The same went for Fortune 500 businessman John Crean of Santa Ana Heights, a guest with his wife, Donna, and his daughter Emily Vogler, aboard the team plane. “I’m tremendously excited,” said Crean, a manufacturer of recreational vehicles.

“In fact, I’ll tell you how excited,” he continued. “I hate to fly. I find nothing more uncomfortable. But if it’s important enough, I do it. And what could be more important than watching the Rams play in Berlin at this point in history? Nothing, if you’re a fan.
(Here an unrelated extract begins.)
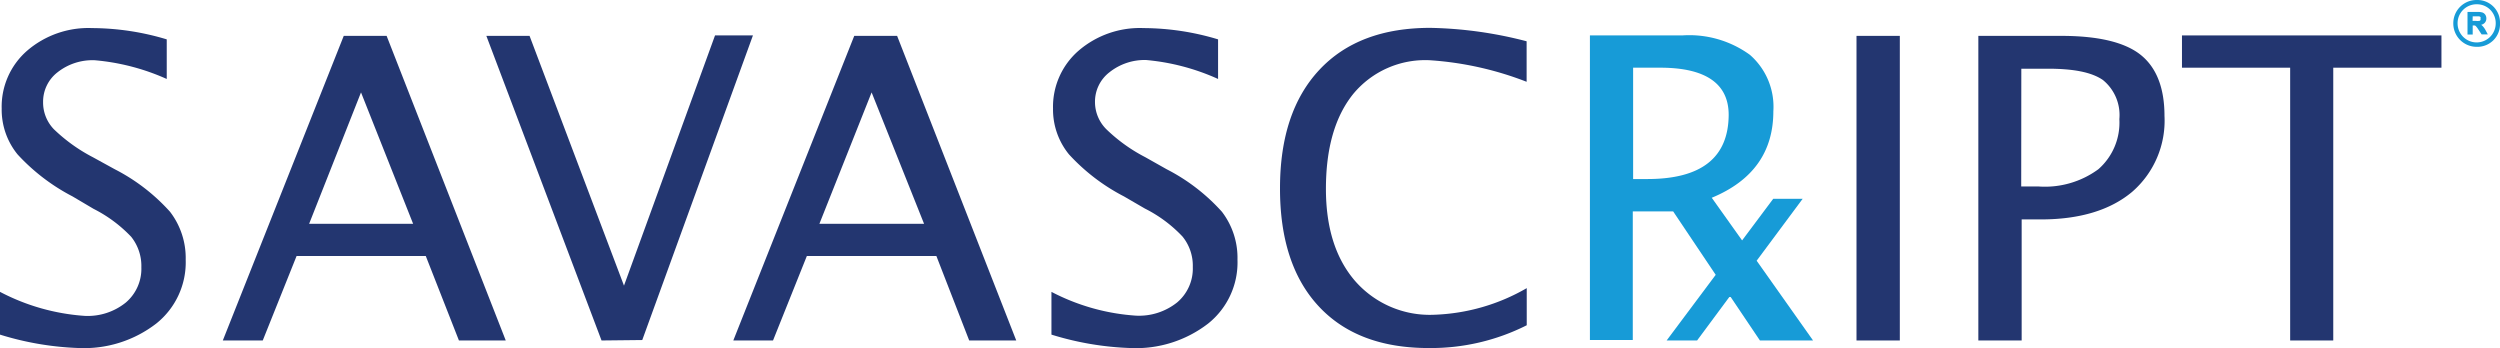 <?xml version="1.0" encoding="UTF-8" standalone="no"?>
<!DOCTYPE svg PUBLIC "-//W3C//DTD SVG 1.1//EN" "http://www.w3.org/Graphics/SVG/1.1/DTD/svg11.dtd">
<svg xmlns="http://www.w3.org/2000/svg" viewBox="0 0 221.6 30.85"><defs><style>.cls-1{fill:#233670;}.cls-2{fill:#179bd7;}</style></defs><g id="Layer_2" data-name="Layer 2"><g id="Logos"><path class="cls-1" d="M7,30.85a26.54,26.54,0,0,1-7-1.19V25.87A18.89,18.89,0,0,0,7.51,28a5.38,5.38,0,0,0,3.64-1.18,3.93,3.93,0,0,0,1.38-3.13,4.15,4.15,0,0,0-.9-2.7,12.15,12.15,0,0,0-3.34-2.48L6.43,17.41a17.65,17.65,0,0,1-4.87-3.72A6.27,6.27,0,0,1,.15,9.63,6.57,6.57,0,0,1,2.41,4.49a8.32,8.32,0,0,1,5.77-2,23.18,23.18,0,0,1,6.6,1V7A19.72,19.72,0,0,0,8.4,5.34,5,5,0,0,0,5.11,6.4,3.29,3.29,0,0,0,3.82,9.06a3.41,3.41,0,0,0,.95,2.39,14.77,14.77,0,0,0,3.47,2.49L10.17,15a17,17,0,0,1,4.9,3.77,6.72,6.72,0,0,1,1.39,4.25,6.94,6.94,0,0,1-2.61,5.66A10.48,10.48,0,0,1,7,30.85Z"/><path class="cls-1" d="M40.68,30.18l-2.94-7.49H26.29l-3,7.49H19.75l10.72-27h3.8l10.56,27ZM36.62,19.84,32,8.19,27.4,19.84Z"/><path class="cls-1" d="M53.32,30.18l-10.21-27h3.83l8.37,22.14L63.38,3.14h3.36l-9.81,27Z"/><path class="cls-1" d="M85.91,30.18,83,22.69H71.52l-3,7.49H65l10.72-27h3.8l10.56,27Zm-4-10.34L77.26,8.19,72.63,19.84Z"/><path class="cls-1" d="M100.2,30.85a26.54,26.54,0,0,1-7-1.19V25.87a18.85,18.85,0,0,0,7.5,2.11,5.41,5.41,0,0,0,3.65-1.18,3.93,3.93,0,0,0,1.38-3.13,4.1,4.1,0,0,0-.91-2.7,11.91,11.91,0,0,0-3.33-2.48l-1.86-1.08a17.5,17.5,0,0,1-4.87-3.72,6.28,6.28,0,0,1-1.42-4.06,6.58,6.58,0,0,1,2.27-5.14,8.32,8.32,0,0,1,5.77-2,23.07,23.07,0,0,1,6.59,1V7a19.68,19.68,0,0,0-6.37-1.68A5,5,0,0,0,98.35,6.4a3.29,3.29,0,0,0-1.29,2.66,3.41,3.41,0,0,0,1,2.39,14.56,14.56,0,0,0,3.47,2.49L103.41,15a17,17,0,0,1,4.9,3.77,6.71,6.71,0,0,1,1.38,4.25,6.93,6.93,0,0,1-2.6,5.66A10.48,10.48,0,0,1,100.2,30.85Z"/><path class="cls-1" d="M126.63,30.85q-6.3,0-9.74-3.7t-3.43-10.47q0-6.76,3.49-10.49t9.86-3.72a36.22,36.22,0,0,1,8.51,1.19V7.25a28.85,28.85,0,0,0-8.57-1.91,8.28,8.28,0,0,0-6.81,3q-2.41,3-2.41,8.4,0,5.17,2.58,8.16a8.79,8.79,0,0,0,7,3,17.54,17.54,0,0,0,8.22-2.36v3.29A18.85,18.85,0,0,1,126.63,30.85Z"/><path class="cls-1" d="M164.56,30.18v-27h3.84v27Z"/><path class="cls-1" d="M175.36,30.18v-27h7.36c3.26,0,5.6.56,7,1.66s2.14,2.91,2.14,5.43A8.35,8.35,0,0,1,189,17c-1.94,1.63-4.65,2.45-8.11,2.45h-1.69V30.18Zm3.8-13.65h1.55A8,8,0,0,0,186,15a5.49,5.49,0,0,0,1.86-4.44,4,4,0,0,0-1.46-3.47c-1-.69-2.6-1-4.88-1h-2.35Z"/><path class="cls-1" d="M203,30.18V6h-9.59V3.14h23V6h-9.59V30.18Z"/><path class="cls-2" d="M160.71,30.18l-5-7.07,4.08-5.49c-1.44,0-1.19,0-2.61,0l-2.76,3.69-2.69-3.78q5.46-2.26,5.46-7.67a6.1,6.1,0,0,0-2.08-5,9.14,9.14,0,0,0-6-1.72h-8.18v27h3.8V18.74h3.58l3.77,5.62-4.35,5.82h2.7l2.92-3.94L156,30.18ZM146,15.87h-1.24V6h2.41c4,0,6.06,1.4,6.06,4.18Q153.2,15.88,146,15.87Z"/><path class="cls-2" d="M219.55.38a1.65,1.65,0,0,1,1.19.49,1.68,1.68,0,0,1,.48,1.2,1.69,1.69,0,1,1-3.38,0A1.68,1.68,0,0,1,219.55.38h0m0-.38a2.06,2.06,0,0,0-2.09,2.07,2.07,2.07,0,0,0,2.08,2.08h0a2,2,0,0,0,2.06-2.08,2,2,0,0,0-2-2.07Z"/><path class="cls-2" d="M220.3,2.64a1.79,1.79,0,0,0-.23-.32.81.81,0,0,0-.14-.12.63.63,0,0,0,.32-.18.56.56,0,0,0,.14-.38.6.6,0,0,0-.09-.33.55.55,0,0,0-.25-.2,1.35,1.35,0,0,0-.46-.05h-.87v2h.46V2.26h0l.19,0a.23.23,0,0,1,.1.07,2.11,2.11,0,0,1,.21.28l.29.44h.55Zm-1.12-1.19h.56a.23.23,0,0,1,.13.06.21.21,0,0,1,0,.14.25.25,0,0,1,0,.13.22.22,0,0,1-.09.07,1.57,1.57,0,0,1-.35,0h-.26Z"/></g></g></svg>

I’ve been a fan for 20 years.” Crean, a new member of the team’s advisory board, predicts that the Rams will beat Kansas City by 7 points.

Also booked on the chartered jet were Mary and James Roosevelt of Newport Beach, close friends of Frontiere. “I’m looking forward to a great game,” said James Roosevelt, the eldest son of F.D.R. As for Berlin, well, he’s “seen it all before,” he said. (After World War II, Roosevelt spent time there helping the Allies coordinate control of the city on behalf of President Harry S. Truman.)

But Roosevelt is excited about seeing the new dynamics. “I especially want to see how much change is actually taking place in East Berlin,” he said.

His wife still gets chills when she remembers the time she spent in Berlin during 1963. “I was living in Switzerland and was sent to West Berlin to attend a language lab conference,” said Mary, a supervisor of teacher education at UC Irvine.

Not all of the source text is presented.